The above exception was the direct cause of the following exception:
S3UnknownError Traceback (most recent call last)
/home/ubuntu/dev/data-processings/ingested_gdl_twitter_processings.ipynb Cell 18 line 6
3 s3_directory = 's3://dataset-ingested/user-preference/'
5 # Walking through the directory
----> 6 for root, dirs, files in smart_walk(s3_directory):
7 print(f"Current directory: {root}")
8 print(f"Subdirectories: {dirs}")
File ~/miniconda3/lib/python3.10/site-packages/megfile/s3_path.py:2040, in S3Path.walk(self, followlinks)
2037 if not bucket:
2038 raise UnsupportedError('Walk whole s3', self.path_with_protocol)
-> 2040 if not self.is_dir():
2041 return
2043 stack = [key]
File ~/miniconda3/lib/python3.10/site-packages/megfile/s3_path.py:1540, in S3Path.is_dir(self, followlinks)

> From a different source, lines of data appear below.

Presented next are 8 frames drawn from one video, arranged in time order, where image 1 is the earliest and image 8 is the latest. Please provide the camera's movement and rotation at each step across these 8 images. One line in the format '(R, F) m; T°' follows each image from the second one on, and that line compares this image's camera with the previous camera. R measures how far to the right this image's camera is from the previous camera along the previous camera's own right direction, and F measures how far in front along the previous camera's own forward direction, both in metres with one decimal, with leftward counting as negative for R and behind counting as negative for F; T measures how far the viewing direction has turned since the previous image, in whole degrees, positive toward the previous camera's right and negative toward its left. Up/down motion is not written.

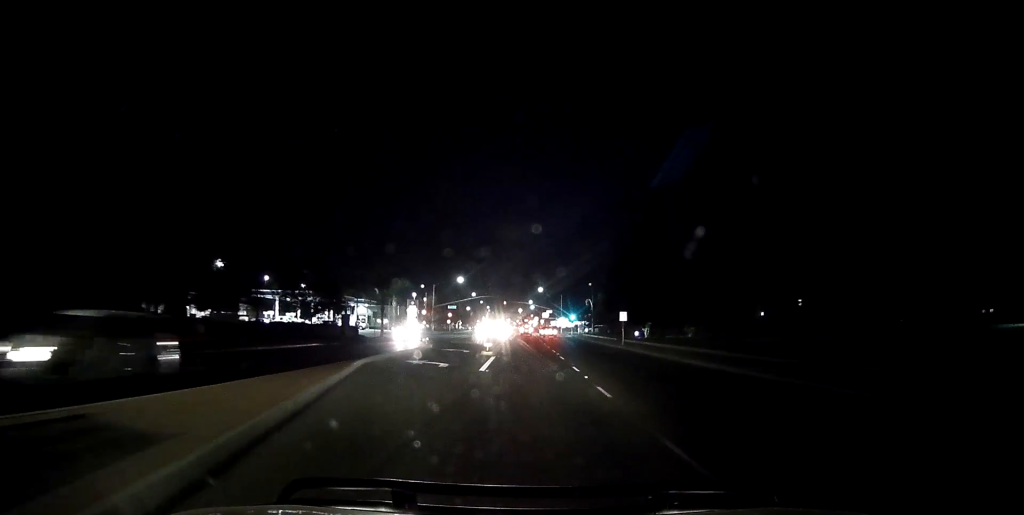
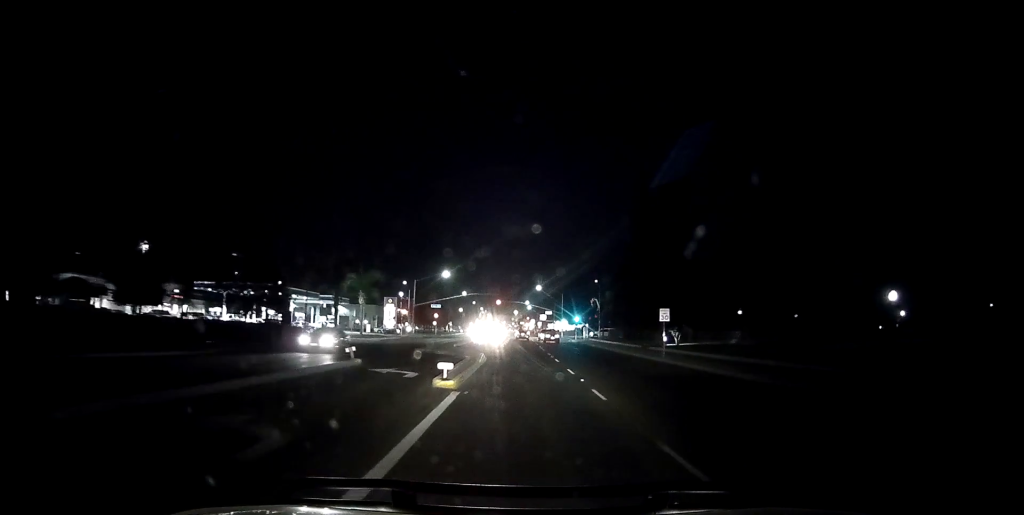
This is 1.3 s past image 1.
(+0.3, +14.4) m; +2°
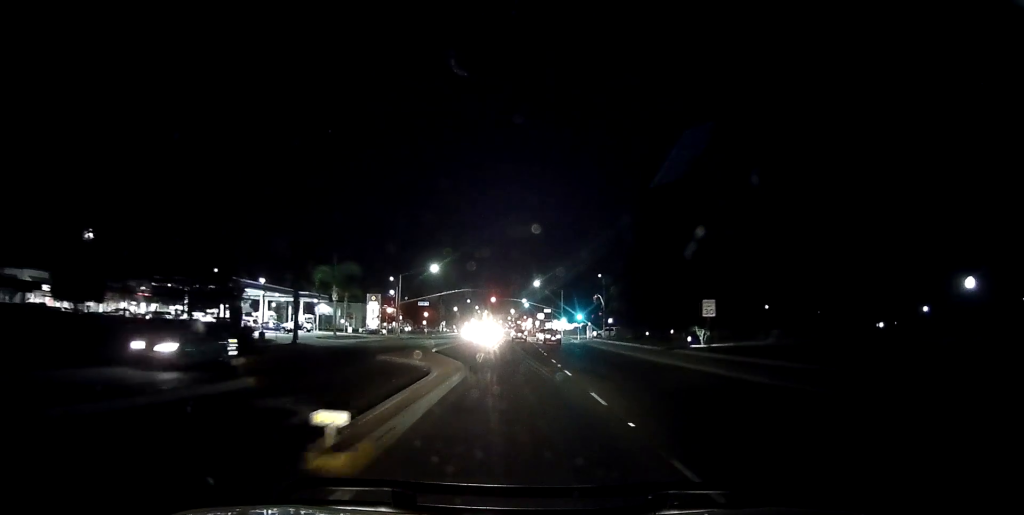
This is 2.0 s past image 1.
(+0.1, +8.1) m; +1°
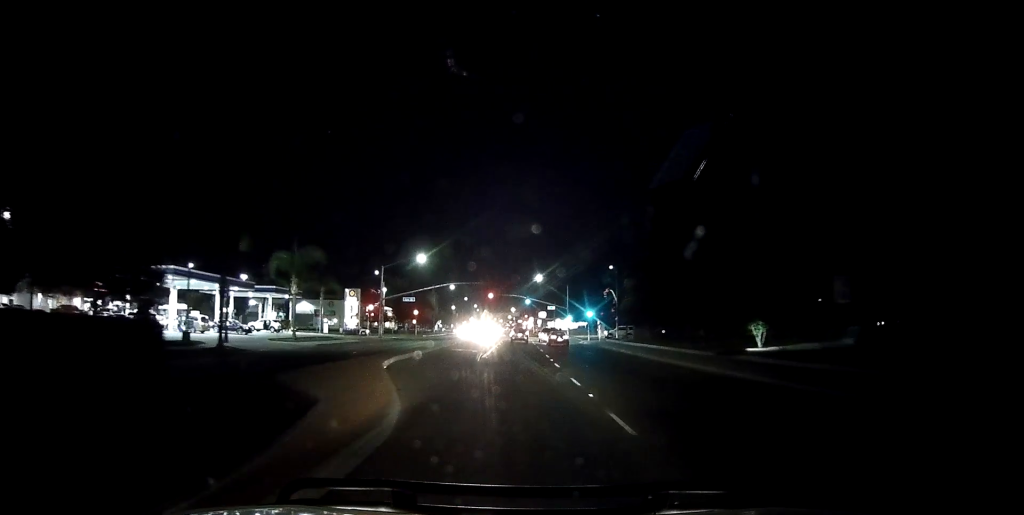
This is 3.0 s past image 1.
(-0.1, +10.3) m; 0°
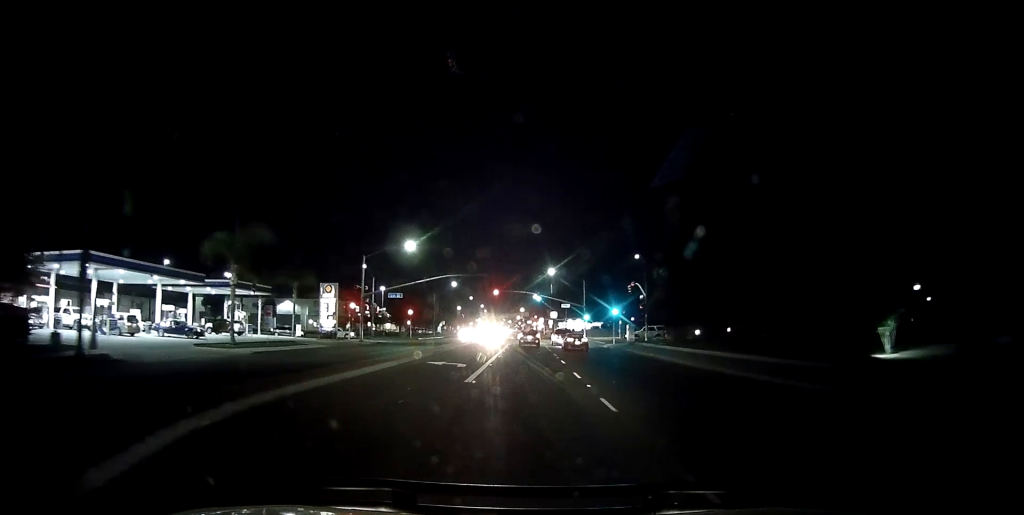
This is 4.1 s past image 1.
(0.0, +11.2) m; -2°
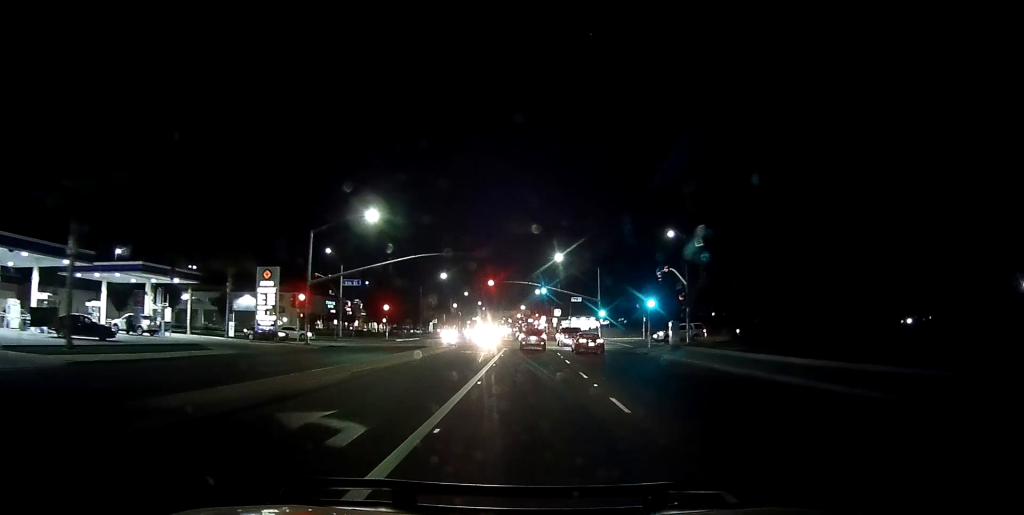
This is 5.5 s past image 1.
(-0.8, +14.2) m; 0°
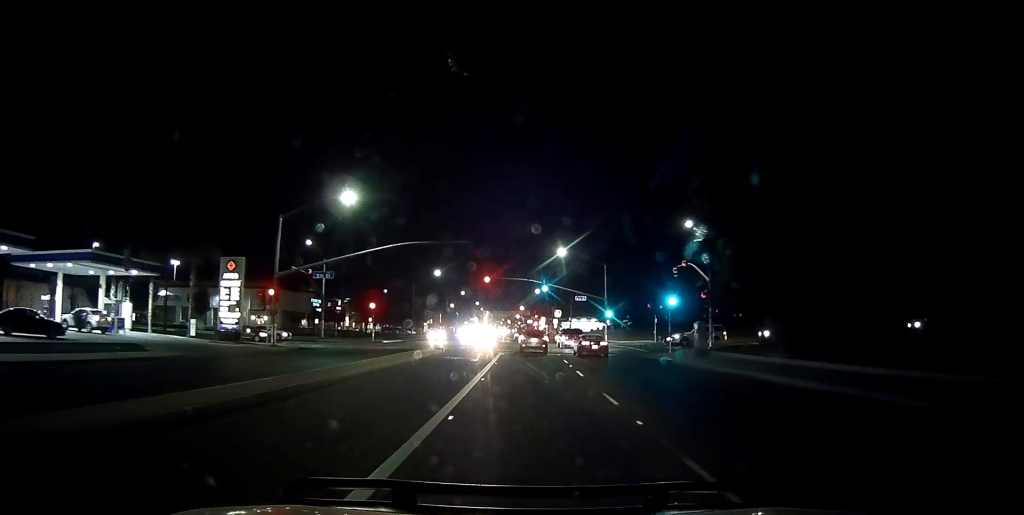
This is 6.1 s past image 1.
(+0.3, +5.7) m; +2°
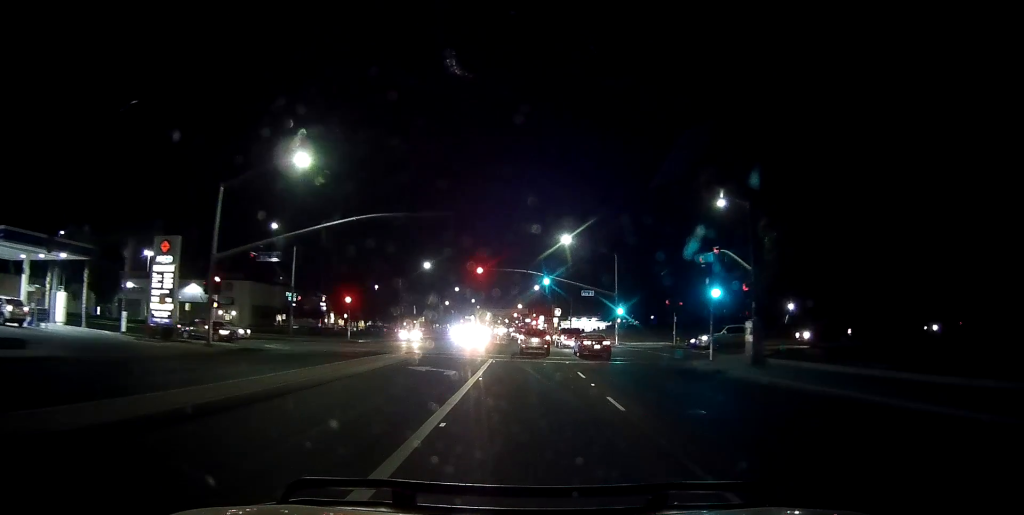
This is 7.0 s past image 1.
(+0.6, +7.9) m; +1°

1537 error = translate_s3_error(error, self.path_with_protocol)
1538 if isinstance(error,
1539 (S3UnknownError, S3ConfigError, S3PermissionError)):
-> 1540 raise error
1541 return False
1543 if not key: # bucket is accessible
S3UnknownError: Unknown error encountered: 's3://dataset-ingested/user-preference/', error: botocore.exceptions.ClientError('An error occurred (PermanentRedirect) when calling the ListObjectsV2 operation: The bucket you are attempting to access must be addressed using the specified endpoint. Please send all future requests to this endpoint.'), endpoint: 'https://s3.amazonaws.com'
the bucket I'm trying to get is in the same region as my configuration (from aws configure
). any clue on what happened? thanks.
LoveEatCandy commented
I guess it's a bug. megfile not get all configurations from file. Are you setup region_name
by aws configure
?
LoveEatCandy commented
I test the region
configuration in file is working.
This error message means the region
you using is different from the bucket's region. You may check the region
configuration.
If region is right, please show debug logs to me, like this:
import logging
logging.basicConfig(level=logging.DEBUG)
Thanks.
LoveEatCandy commented
Reopen if the question is still existing.